Jan 2022: Our Pradyna Desai (an undergrad student from CS Department in my research team) has been selected to be the 80 Finalists for the 2022 National Center for Women & Information Technology (NCWIT) Collegiate Award. NCWIT is a non-profit community of over 1,500 universities, companies, non-profits, and government organizations national wide working to increase the influential and meaningful participation of girls and women in the field of computing. This is the inspiration for our research work on "Continual Learning with Differential Privacy,” in which Pradyna Desai is the lead author under my supervision.

Dec 2021: Our article "Ontology-based Interpretable Machine Learning: A Comprehensive Study" has been accepted with minor revision by the Journal of Combinatorial Optimization - Springer.

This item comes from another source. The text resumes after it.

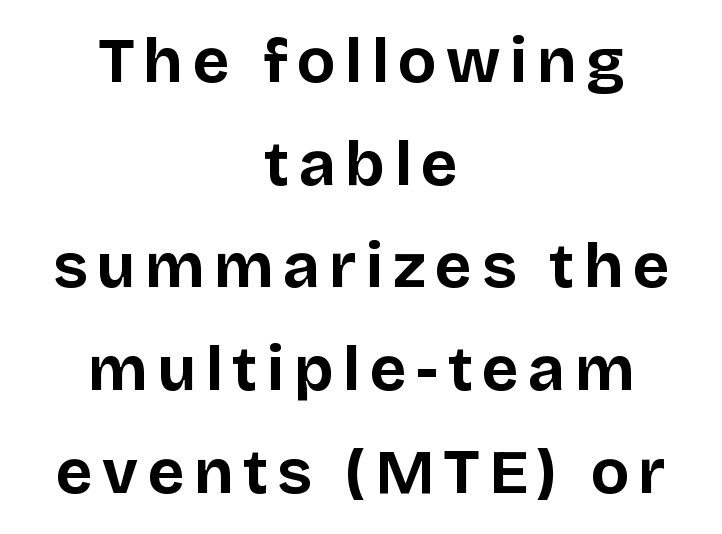
The image shows 63 px bold sans-serif type, upright; set centered, normal line spacing (1.63x), not underlined; low stroke contrast and a large x-height.
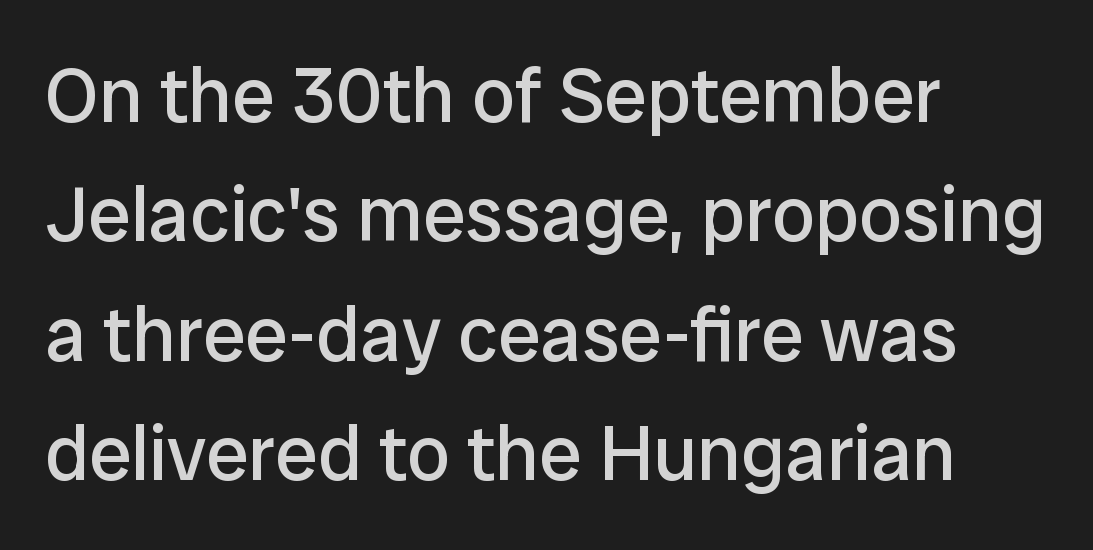
{"serif": "no", "italic": "no", "bold": "no", "weight": "regular", "width": "normal", "stroke_contrast": "low", "x_height": "medium", "monospaced": "no", "underline": "no", "align": "left", "line_spacing": "normal", "line_spacing_ratio": 1.55, "letter_spacing": "normal", "letter_spacing_em": 0.0, "glyph_px": 77}

Sept 2021: Our Honor Undergraduate Student, Pradnya Desai, has a paper, titled "Continual Learning with Differential Privacy," accepted at the 28th International Conference on Neural Information Processing (ICONIP2021) (Rank A, CORE2020) with an oral presentation. This paper establishes the first formal connection between Differential Privacy and Continual Learning.

Apr 2021: My provisional pattern in preserving privacy in natural language modeling has been approved. This is joint work with Adobe Inc.

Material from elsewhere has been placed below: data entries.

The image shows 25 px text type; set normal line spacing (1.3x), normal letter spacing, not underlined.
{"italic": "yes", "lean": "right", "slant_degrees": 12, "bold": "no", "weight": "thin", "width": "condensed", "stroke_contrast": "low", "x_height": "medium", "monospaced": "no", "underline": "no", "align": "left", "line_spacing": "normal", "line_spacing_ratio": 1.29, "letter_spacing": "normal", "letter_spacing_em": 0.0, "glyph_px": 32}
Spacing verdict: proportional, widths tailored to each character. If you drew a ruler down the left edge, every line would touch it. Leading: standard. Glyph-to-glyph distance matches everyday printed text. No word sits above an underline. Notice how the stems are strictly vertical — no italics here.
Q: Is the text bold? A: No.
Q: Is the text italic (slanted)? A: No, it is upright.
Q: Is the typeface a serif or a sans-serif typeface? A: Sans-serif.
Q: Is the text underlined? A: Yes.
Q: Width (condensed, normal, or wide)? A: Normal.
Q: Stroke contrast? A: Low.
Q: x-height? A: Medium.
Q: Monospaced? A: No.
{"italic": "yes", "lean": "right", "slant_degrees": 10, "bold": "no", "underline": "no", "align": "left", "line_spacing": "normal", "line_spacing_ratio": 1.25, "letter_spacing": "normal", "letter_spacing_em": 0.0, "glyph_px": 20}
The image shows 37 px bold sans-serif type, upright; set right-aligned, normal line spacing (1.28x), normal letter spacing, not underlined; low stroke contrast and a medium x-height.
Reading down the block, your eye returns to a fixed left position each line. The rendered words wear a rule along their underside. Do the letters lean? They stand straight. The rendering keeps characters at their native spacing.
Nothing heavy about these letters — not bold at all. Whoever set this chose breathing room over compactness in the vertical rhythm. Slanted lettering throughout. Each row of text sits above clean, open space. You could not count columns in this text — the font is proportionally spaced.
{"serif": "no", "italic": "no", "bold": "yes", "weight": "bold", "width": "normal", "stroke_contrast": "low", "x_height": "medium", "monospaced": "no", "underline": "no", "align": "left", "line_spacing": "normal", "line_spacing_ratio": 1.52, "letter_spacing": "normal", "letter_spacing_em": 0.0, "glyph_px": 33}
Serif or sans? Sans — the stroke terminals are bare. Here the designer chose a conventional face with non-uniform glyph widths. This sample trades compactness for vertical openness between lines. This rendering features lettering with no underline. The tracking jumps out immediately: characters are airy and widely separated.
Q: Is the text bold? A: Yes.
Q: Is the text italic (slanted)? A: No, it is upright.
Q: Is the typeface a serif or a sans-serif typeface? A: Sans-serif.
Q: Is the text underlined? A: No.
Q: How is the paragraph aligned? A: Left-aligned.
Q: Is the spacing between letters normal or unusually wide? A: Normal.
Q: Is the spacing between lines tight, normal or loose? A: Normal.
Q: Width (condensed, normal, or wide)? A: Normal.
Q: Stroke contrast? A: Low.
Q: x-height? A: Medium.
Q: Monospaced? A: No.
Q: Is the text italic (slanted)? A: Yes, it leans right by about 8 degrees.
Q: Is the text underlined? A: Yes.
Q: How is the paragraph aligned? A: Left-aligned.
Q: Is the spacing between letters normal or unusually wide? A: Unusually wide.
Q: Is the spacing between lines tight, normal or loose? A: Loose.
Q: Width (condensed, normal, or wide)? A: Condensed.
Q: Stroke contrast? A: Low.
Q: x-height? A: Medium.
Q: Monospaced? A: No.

Mar 2020: Our paper about "Ontology-based Interpretable Machine Learning for Textual Data" has been accepted for an Oral Presentation at the IEEE International Joint Conference on Neural Networks (IJCNN'2020). [Github] See you in Glasgow, Scotland, UK!

Sept 2019: Our paper about "Ontology-based Interpretable Machine Learning" has been accepted for an Oral Presentation at the Knowledge Representation & Reasoning Meets Machine Learning (KR2ML) Workshop at NeurIPS'19. See you at NeurIPS'19!